#### [WHAT IS EXPECTED]
Print exactly the lines of the listing below from the one containing "Set out in time" through the final line, both included, and no pictures.

━━ DATASET RECORDS

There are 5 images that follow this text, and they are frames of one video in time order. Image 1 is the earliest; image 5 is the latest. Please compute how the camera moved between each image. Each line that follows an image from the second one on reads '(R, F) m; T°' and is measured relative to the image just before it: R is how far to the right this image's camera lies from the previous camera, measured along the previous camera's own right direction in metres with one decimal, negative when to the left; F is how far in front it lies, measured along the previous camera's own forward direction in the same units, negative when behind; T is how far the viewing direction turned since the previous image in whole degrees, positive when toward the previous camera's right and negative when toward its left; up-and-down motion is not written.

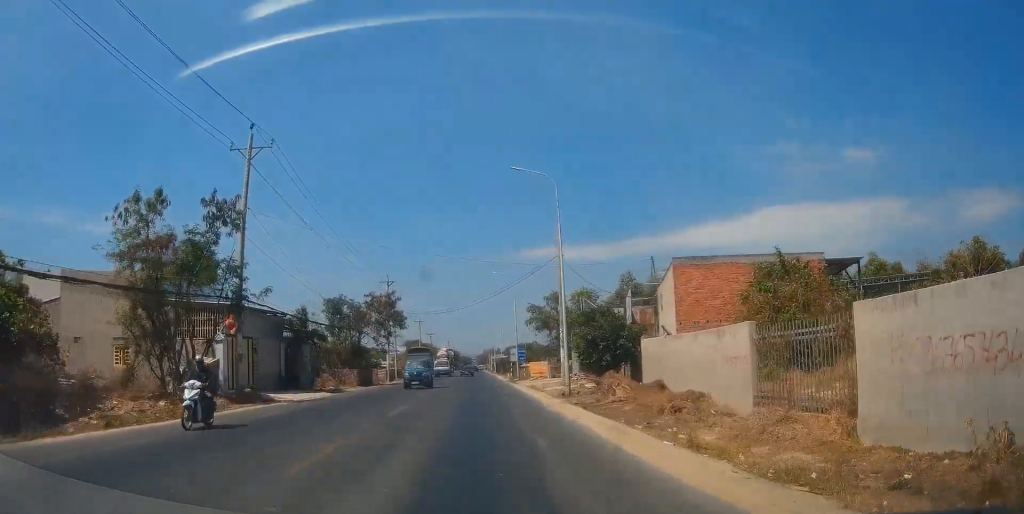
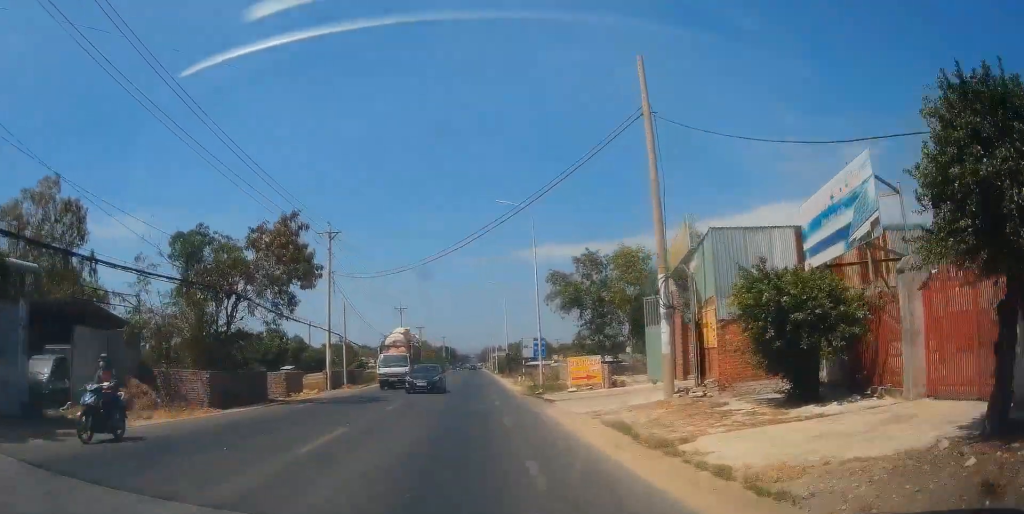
(-0.3, +28.1) m; +1°
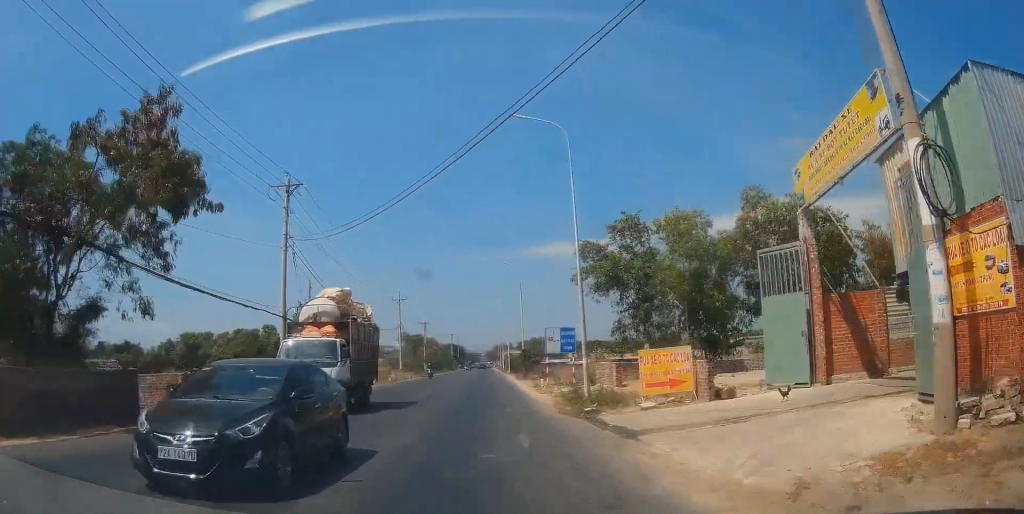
(+0.4, +13.0) m; +2°
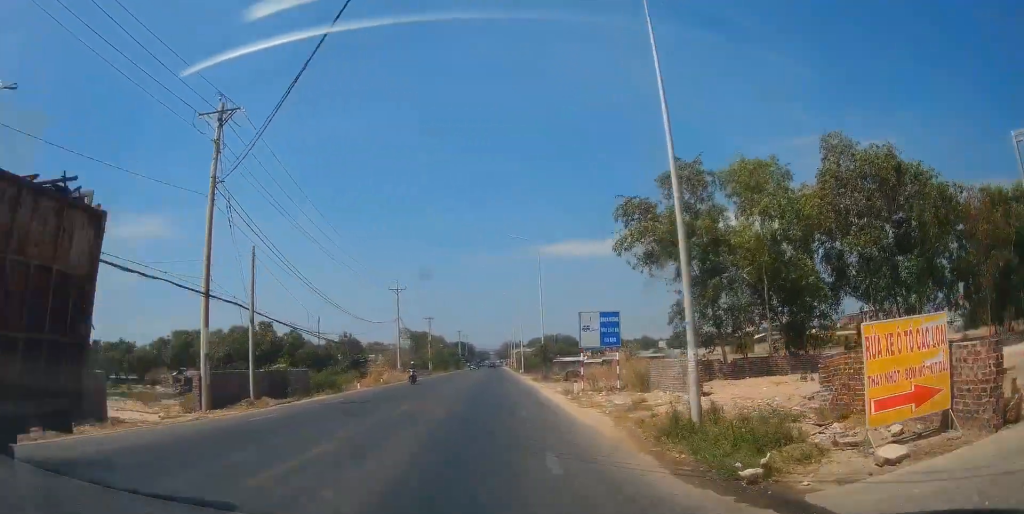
(+0.2, +11.3) m; -1°
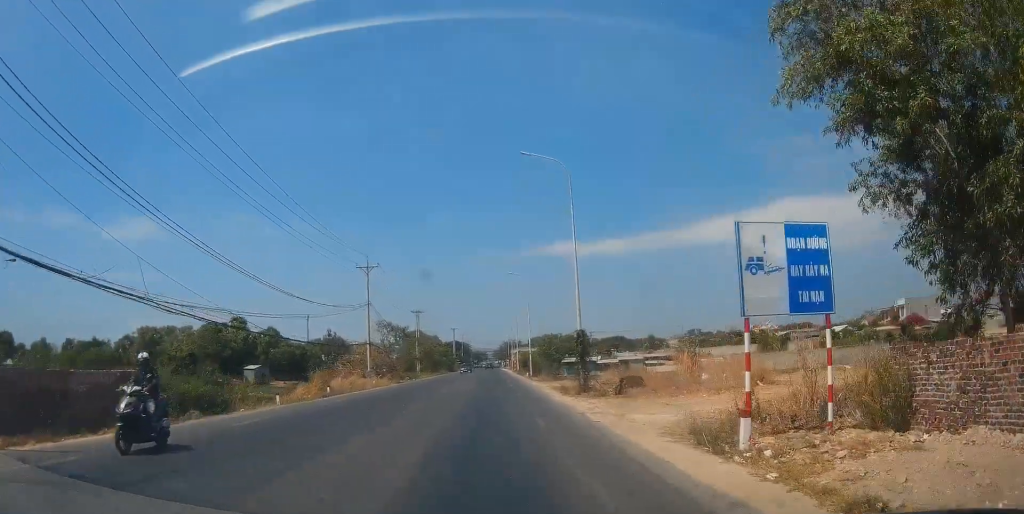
(-1.1, +18.5) m; -5°
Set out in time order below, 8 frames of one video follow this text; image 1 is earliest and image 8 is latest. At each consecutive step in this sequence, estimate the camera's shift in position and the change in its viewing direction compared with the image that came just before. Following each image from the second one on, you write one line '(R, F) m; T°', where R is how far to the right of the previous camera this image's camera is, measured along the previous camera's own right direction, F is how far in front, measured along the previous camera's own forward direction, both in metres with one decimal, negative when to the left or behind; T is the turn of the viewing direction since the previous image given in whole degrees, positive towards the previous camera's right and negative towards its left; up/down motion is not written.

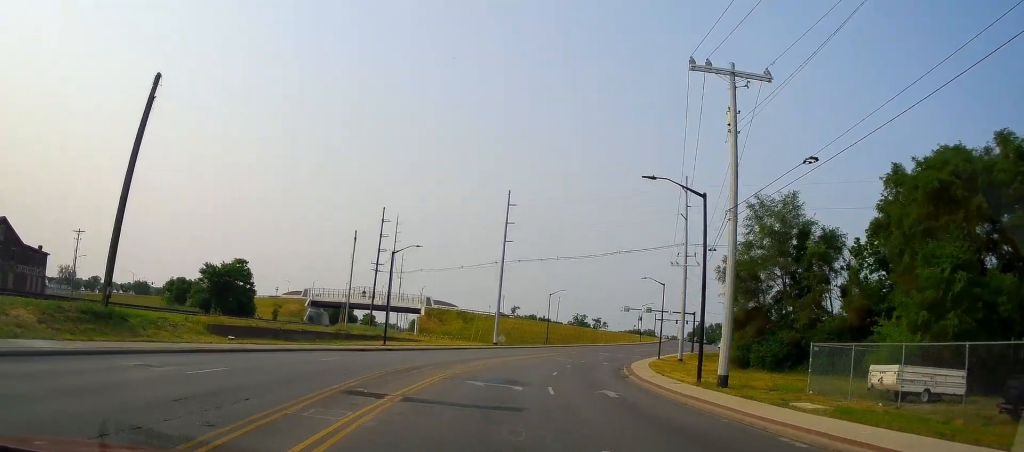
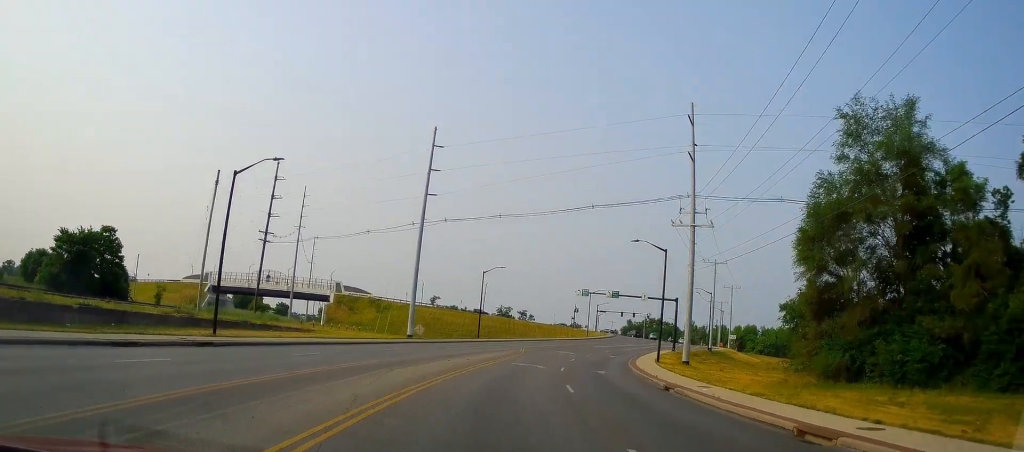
(+0.9, +24.4) m; +6°
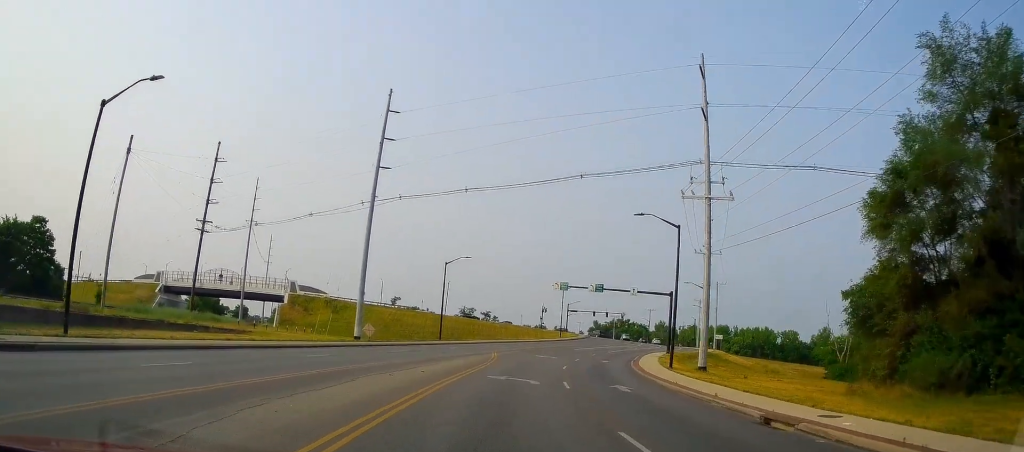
(+0.6, +10.7) m; +3°
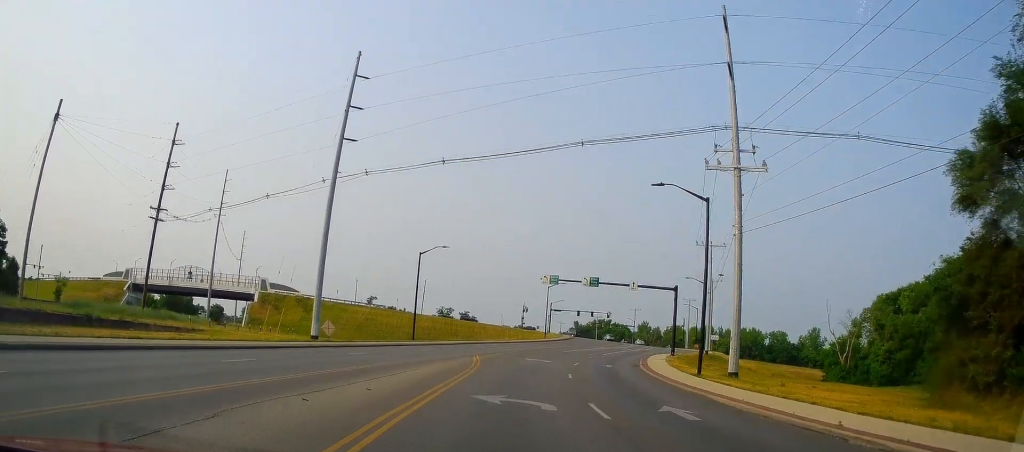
(0.0, +7.8) m; +2°
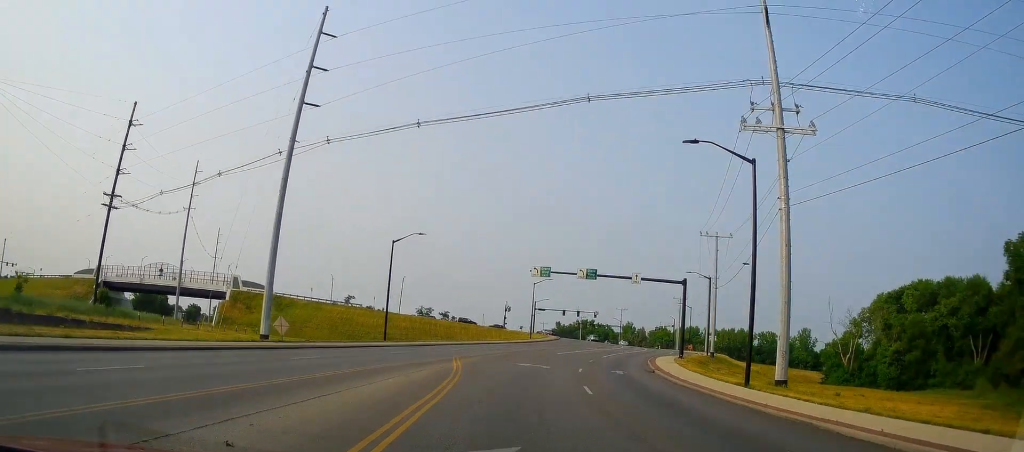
(-0.2, +7.2) m; +2°
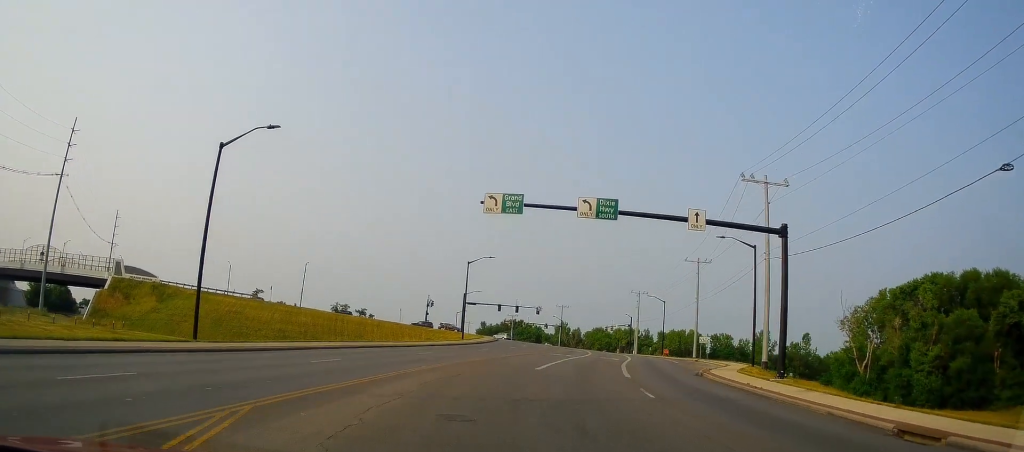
(+2.7, +25.9) m; +10°
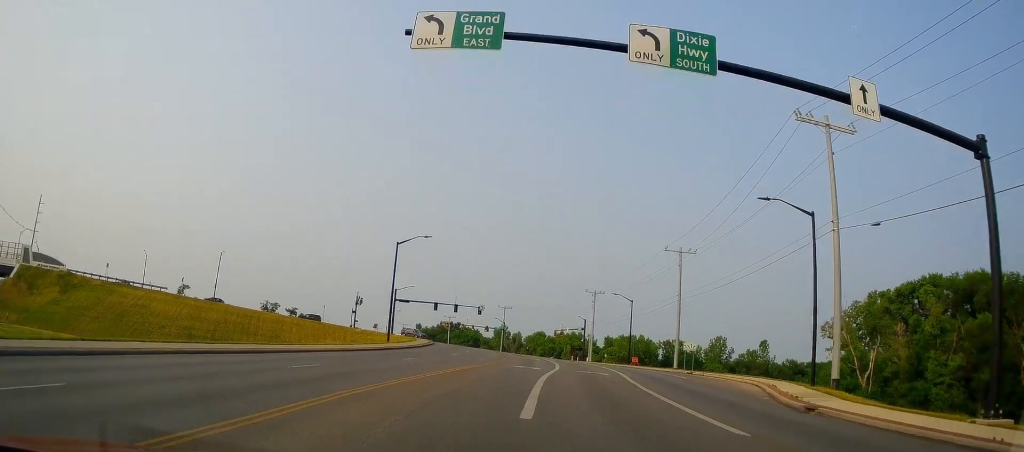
(+0.5, +14.9) m; +4°
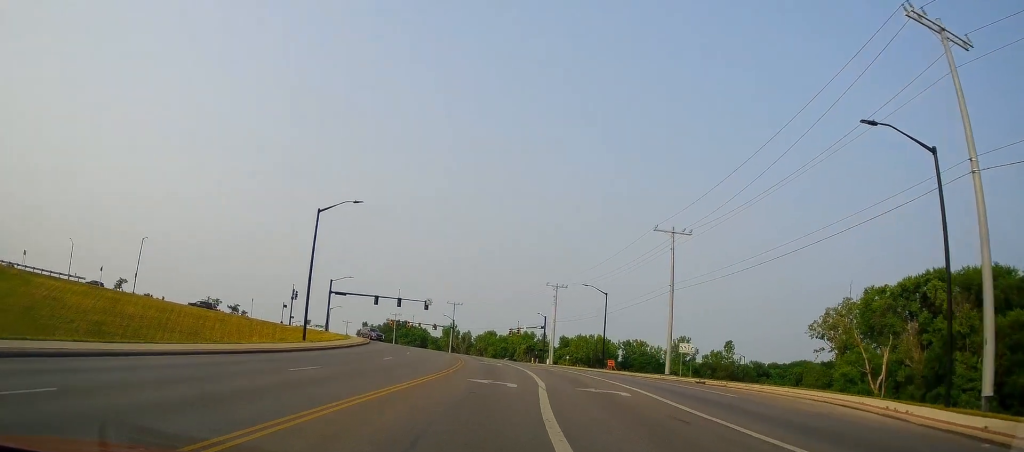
(0.0, +12.4) m; +5°

━━━━

#### [EXERCISE RESPONSE]
Set out in time order below, 8 frames of one video follow this text; image 1 is earliest and image 8 is latest. At each consecutive step in this sequence, estimate the camera's shift in position and the change in its viewing direction compared with the image that came just before. Following each image from the second one on, you write one line '(R, F) m; T°', where R is how far to the right of the previous camera this image's camera is, measured along the previous camera's own right direction, F is how far in front, measured along the previous camera's own forward direction, both in metres with one decimal, negative when to the left or behind; T is the turn of the viewing direction since the previous image given in whole degrees, positive towards the previous camera's right and negative towards its left; up/down motion is not written.

(+0.9, +24.4) m; +6°
(+0.6, +10.7) m; +3°
(0.0, +7.8) m; +2°
(-0.2, +7.2) m; +2°
(+2.7, +25.9) m; +10°
(+0.5, +14.9) m; +4°
(0.0, +12.4) m; +5°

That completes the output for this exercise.